4 – Perdre son temps
Textes : Laurent Cirelli
Illustrations : Prune Cirelli
J’ai tellement besoin de temps pour ne rien faire qu’il ne m’en reste plus assez pour travailler.
Pierre REVERDY
La vitesse… quel est cet impératif qui gouverne aujourd’hui nos existences jusqu’à les entraver?

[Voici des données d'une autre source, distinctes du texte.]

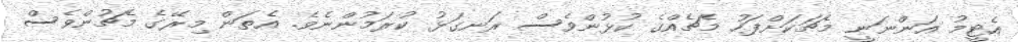
އެޓީމު އަންނަނީ މެޗަކަށްފަހު މެޗެއްގެ ކުޅުންވެސް ރަނގަޅު ކުރަމުންނެވެ. އެތަން މިރޭގެ މެޗުންވެސް
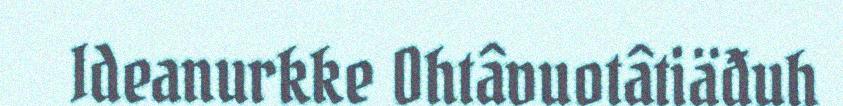
Ideanurkke Ohtâvuotâtiäđuh

Pourquoi ces vies pressées, minutées, organisées à l’extrême : pour tendre vers quoi ? Je m’en fais la réflexion chaque fois que, sacrifiant (mais comment faire autrement ?) ma vraie nature (velléitaire ô combien) sur l’autel de la modernité, j’ouvre ma « boîte mail » et me vois aussitôt sommé de répondre « asap » aux demandes qui me sont faites…
Car le temps n’est plus au délai mais à l’immédiateté, le temps n’est plus à la perte mais au gain, et l’instantanéité est devenue notre ordinaire… tellement ordinaire.
Oui… la nature a horreur du vide et mes contemporains se pressent d’en finir avec les creux de leur existence en exigeant toujours plus de présent : c’est ainsi que le passé est dépassé et l’avenir si vite obsolète… mais est-ce ainsi que les hommes doivent vivre ?
Il faudrait se souvenir de l’ennui, celui-là même que, gamin, nous redoutions tant mais qui nous poussait à construire toutes sortes de châteaux, à élaborer tant d’utopies dans des cabanes faites exprès pour ça, se rappeler des minutes qui ne passaient pas mais allongeaient le temps à l’infini… : nous étions alors immortels !
Car nous avons tous deux vies, la première, la vie « intérieure » constituée des rêves que nous faisions enfant est celle que nous nous efforçons de préserver tout au long de notre existence comme une illusion qui s’étiole, la seconde nous est assignée par le quotidien et nous la vivons dans le commerce des autres… c’est celle qui nous enjoint de faire vite, toujours plus vite, « cap au pire ».
La première, seule susceptible de nous soustraire aux ravages du temps, est celle qui, loin de nous le faire perdre, lui donne un sens parce qu’elle est nous est propre et profonde, secrète aussi; mais c’est aussi celle qui ne fait pas les affaires de ce qu’Henry Miller nommait « le temps des assassins », le temps d’un « monde goulu, affamé de matérialités, infatué de lui-même »… ce temps-là réclame toujours plus de « temps de cerveau disponible »…
Et c’est ainsi que nous avons perdu la grâce et l’immortalité au profit du contingent et de l’imminent, perdu notre âme en laissant filer nos songes comme un rien, pour gagner du temps. C’est ainsi que nous sommes devenus utiles et inconsolables.
L’heure tourne et Chronos, ce perpétuel insatisfait, saura tôt nous rappeler que notre première montre (celle que nous avions tant voulue… pour moi ce fut une Rolex !) a sonné le glas de notre liberté, asservi nos chimères au dur désir de durer. L’œil rivé sur l’aiguille nous a fait tomber de l’arbre sur la branche duquel nous aimions tant laisser filer les heures ou plutôt « perdre notre temps » comme ils disaient… Mais c’était de l’éternité que nous amassions.